O centenário de Padre Amirat
Toda vez que faço aniversário, entre outras tantas lembranças que a data inevitavelmente nos traz à mente, vem a do abraço apertado que recebia todos os anos de Pe. Amirat. Que gentileza, que carinho para conosco que o ajudávamos ali naquele velho Bom Jesus de outrora ainda dirigido pelos padres jesuítas. E não era só o abraço! Como esquecer do presente que sempre nos dava! Uma garrafa de vinho “canônico”, do que os padres usavam na missa (tenho uma guardada ainda, de lembrança!), e uma caixa de bombons, tudo embrulhado em papel de presente e acondicionado num saquinho… e sem faltar o cartão com uma carinhosa mensagem escrita naquela letra tão bonita da qual – confesso – roubei alguns rebusques para a minha. Durante muitos anos depois de sua partida de Itu ainda me ligava para me cumprimentar, com sua voz entusiasmada e seus célebres chavões: para ele – dizia –, enquanto ficava “mais velho e caduco”, todos ficavam “mais jovens e bonitos”… Que saudade!
Neste mês de maio, se vivo fosse, Pe. Amirat faria 100 anos, razão do singelo encômio a esse sacerdote que tanto representou em minha infância e juventude.

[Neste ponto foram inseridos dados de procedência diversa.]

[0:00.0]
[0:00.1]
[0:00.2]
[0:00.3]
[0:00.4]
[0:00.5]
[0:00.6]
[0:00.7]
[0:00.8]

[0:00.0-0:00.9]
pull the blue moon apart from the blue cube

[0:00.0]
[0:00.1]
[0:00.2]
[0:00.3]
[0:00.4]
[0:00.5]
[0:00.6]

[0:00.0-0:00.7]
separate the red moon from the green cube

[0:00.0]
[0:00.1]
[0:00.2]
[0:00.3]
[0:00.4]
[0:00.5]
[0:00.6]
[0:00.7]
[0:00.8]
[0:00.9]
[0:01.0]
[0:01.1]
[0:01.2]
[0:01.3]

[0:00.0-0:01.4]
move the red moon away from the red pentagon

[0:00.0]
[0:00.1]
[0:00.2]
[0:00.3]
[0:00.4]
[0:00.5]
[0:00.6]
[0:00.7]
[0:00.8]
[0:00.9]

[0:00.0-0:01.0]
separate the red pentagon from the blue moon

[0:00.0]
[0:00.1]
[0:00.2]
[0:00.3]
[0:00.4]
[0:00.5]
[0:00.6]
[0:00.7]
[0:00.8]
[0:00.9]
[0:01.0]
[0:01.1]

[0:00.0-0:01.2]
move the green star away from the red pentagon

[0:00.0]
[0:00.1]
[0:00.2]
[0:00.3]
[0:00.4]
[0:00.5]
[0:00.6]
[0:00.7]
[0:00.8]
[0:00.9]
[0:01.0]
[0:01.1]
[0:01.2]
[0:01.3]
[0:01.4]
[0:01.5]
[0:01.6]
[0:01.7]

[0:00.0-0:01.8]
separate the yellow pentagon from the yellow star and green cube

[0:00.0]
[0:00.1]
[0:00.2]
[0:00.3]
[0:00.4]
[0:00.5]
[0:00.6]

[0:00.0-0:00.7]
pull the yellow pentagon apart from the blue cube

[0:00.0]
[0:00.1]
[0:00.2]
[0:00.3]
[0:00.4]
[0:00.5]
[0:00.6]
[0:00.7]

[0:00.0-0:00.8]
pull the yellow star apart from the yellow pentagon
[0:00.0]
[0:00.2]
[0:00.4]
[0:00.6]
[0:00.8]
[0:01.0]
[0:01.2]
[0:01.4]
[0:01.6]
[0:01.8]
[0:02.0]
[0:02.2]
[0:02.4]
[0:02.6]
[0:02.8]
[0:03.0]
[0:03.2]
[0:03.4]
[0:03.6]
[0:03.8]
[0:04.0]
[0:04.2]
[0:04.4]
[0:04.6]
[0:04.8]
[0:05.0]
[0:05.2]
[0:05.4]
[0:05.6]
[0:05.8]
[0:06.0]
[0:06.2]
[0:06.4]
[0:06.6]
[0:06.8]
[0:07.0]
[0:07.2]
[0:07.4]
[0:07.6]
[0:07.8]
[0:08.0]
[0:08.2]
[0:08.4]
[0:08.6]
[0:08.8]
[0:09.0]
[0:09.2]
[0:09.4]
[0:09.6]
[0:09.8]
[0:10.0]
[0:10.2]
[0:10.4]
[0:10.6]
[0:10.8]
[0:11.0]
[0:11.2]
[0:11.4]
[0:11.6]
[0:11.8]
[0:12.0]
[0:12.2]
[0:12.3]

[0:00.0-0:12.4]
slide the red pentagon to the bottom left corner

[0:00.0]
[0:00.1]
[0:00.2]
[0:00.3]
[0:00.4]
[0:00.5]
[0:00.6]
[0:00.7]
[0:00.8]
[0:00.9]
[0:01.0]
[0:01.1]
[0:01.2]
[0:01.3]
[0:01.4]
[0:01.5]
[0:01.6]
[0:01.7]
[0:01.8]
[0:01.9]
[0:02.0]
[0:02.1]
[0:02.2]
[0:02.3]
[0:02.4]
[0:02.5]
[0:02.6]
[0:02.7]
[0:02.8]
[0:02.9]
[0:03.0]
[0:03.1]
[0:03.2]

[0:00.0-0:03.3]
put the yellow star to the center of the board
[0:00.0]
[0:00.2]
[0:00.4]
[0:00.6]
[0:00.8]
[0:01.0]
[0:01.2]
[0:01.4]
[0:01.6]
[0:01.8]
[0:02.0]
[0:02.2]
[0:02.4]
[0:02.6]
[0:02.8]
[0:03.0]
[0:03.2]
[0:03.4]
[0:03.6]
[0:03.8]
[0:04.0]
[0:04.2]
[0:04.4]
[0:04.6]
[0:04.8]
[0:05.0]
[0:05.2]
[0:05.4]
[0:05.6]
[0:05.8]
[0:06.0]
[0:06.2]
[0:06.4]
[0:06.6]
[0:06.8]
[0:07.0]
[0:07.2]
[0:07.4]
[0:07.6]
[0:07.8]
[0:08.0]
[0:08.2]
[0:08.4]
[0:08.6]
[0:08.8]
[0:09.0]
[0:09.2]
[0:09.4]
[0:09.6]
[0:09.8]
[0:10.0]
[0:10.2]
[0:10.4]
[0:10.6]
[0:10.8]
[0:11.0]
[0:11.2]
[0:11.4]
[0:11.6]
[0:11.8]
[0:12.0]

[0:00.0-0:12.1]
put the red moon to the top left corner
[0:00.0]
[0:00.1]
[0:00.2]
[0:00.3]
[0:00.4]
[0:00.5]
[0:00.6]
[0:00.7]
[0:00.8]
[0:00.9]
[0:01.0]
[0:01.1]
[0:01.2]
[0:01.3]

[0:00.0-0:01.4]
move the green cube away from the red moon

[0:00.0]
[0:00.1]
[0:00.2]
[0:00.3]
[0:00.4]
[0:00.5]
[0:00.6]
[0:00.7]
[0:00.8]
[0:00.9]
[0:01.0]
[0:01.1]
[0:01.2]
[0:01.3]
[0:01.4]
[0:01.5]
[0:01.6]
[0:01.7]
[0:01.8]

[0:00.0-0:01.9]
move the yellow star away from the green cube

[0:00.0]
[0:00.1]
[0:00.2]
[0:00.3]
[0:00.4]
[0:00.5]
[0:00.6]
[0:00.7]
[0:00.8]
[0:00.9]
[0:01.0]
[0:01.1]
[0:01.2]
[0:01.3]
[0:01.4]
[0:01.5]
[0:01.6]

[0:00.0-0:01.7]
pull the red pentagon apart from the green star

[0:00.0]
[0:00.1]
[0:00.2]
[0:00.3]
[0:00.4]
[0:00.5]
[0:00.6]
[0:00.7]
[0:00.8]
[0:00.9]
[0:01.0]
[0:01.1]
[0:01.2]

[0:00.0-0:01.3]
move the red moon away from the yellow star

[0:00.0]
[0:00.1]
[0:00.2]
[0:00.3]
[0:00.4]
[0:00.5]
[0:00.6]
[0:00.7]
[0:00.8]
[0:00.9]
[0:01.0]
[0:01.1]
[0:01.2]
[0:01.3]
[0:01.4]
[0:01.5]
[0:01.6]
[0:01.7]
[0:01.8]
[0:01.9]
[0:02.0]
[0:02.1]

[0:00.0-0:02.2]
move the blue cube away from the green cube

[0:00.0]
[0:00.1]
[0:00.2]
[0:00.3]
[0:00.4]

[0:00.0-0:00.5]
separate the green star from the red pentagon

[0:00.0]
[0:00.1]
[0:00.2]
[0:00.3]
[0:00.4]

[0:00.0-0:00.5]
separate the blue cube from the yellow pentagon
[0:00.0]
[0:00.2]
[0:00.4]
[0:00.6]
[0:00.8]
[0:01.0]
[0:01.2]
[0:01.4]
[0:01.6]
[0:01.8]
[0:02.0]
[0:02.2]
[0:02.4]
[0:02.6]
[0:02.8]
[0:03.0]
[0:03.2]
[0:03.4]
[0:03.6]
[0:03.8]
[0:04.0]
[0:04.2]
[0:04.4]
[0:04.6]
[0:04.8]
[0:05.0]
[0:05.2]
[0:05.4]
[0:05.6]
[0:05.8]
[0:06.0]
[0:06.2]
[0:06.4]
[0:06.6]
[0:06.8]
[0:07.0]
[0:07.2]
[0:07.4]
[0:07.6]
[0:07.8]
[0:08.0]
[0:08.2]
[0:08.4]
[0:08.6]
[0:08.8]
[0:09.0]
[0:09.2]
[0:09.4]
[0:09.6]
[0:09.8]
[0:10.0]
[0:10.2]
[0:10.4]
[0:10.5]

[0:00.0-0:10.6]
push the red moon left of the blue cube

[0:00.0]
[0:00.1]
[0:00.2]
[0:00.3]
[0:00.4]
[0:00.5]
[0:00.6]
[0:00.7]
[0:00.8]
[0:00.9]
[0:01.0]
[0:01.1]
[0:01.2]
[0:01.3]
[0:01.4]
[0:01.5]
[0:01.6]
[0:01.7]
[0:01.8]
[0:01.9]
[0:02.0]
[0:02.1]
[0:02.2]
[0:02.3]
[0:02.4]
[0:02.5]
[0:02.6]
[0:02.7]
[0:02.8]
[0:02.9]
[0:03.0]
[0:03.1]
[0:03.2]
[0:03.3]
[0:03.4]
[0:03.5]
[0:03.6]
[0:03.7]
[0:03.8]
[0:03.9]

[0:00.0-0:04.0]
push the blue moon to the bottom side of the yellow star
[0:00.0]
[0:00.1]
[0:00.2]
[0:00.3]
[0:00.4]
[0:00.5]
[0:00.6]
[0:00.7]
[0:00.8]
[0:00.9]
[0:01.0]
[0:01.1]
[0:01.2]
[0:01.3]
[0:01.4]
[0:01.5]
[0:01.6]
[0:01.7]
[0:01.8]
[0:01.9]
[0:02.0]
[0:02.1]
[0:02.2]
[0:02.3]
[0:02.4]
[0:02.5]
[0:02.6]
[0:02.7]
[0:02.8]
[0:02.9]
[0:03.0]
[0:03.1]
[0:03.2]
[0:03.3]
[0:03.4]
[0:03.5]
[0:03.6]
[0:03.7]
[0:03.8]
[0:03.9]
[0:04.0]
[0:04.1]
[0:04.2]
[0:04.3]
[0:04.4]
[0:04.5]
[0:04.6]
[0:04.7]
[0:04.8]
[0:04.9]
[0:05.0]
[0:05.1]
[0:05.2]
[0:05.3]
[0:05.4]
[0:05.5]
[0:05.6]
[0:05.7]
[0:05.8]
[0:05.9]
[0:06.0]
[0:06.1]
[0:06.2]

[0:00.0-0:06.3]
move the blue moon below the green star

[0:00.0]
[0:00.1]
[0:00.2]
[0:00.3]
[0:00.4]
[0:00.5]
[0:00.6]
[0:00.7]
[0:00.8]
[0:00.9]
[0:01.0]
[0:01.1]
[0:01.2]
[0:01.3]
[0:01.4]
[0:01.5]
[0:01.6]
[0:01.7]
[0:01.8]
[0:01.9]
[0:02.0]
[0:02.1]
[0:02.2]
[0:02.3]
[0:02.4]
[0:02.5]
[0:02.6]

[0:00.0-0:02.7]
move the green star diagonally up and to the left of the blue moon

Filho de Pedro Amirat e Priscila Morais Navarro, Ranulpho Morais Amirat nasceu em Itu, aos 27 de maio de 1923. Seu avô paterno, o arquiteto Louis Amirat, entre outras obras, foi quem projetou o Santuário Nacional do Coração de Jesus, anexo à Igreja do Bom Jesus. A convite do Pe. Luís Yabar, de quem era coroinha no Bom Jesus, ingressou na Escola Apostólica da Companhia de Jesus, em Nova Friburgo, em 1936, professando na Ordem em 1940. Ordenou-se sacerdote em 18 de junho de 1952 na cidade de West Baden, Estado de Indiana, nos Estados Unidos, onde concluiu seus estudos de Teologia. Ainda nos Estados Unidos, fez o doutorado em física nuclear, na Stanford University, na Califórnia.
Retornou ao Brasil seis anos após ordenado. Só então pôde cantar sua Primeira Missa na terra natal. Achava curioso que tivesse sido já com seis anos de padre. Contava que quem o assistira no altar foi o conterrâneo, Pe. Arthur Sampaio. Foi então reitor do Colégio Anchieta e diretor da Faculdade de Filosofia Nossa Senhora Medianeira, em Nova Friburgo. Depois, vice-reitor do Instituto de Física da Pontifícia Universidade Católica do Rio de Janeiro.
No início de 1968 veio a Itu para passar umas férias que acabaram durando 24 anos, até o dia 3 de agosto de 1992, quando transferido para Itaici, residência dos jesuítas em Indaiatuba, após a Companhia ter decidido encerrar suas atividades em Itu e entregar a igreja do Bom Jesus à Diocese.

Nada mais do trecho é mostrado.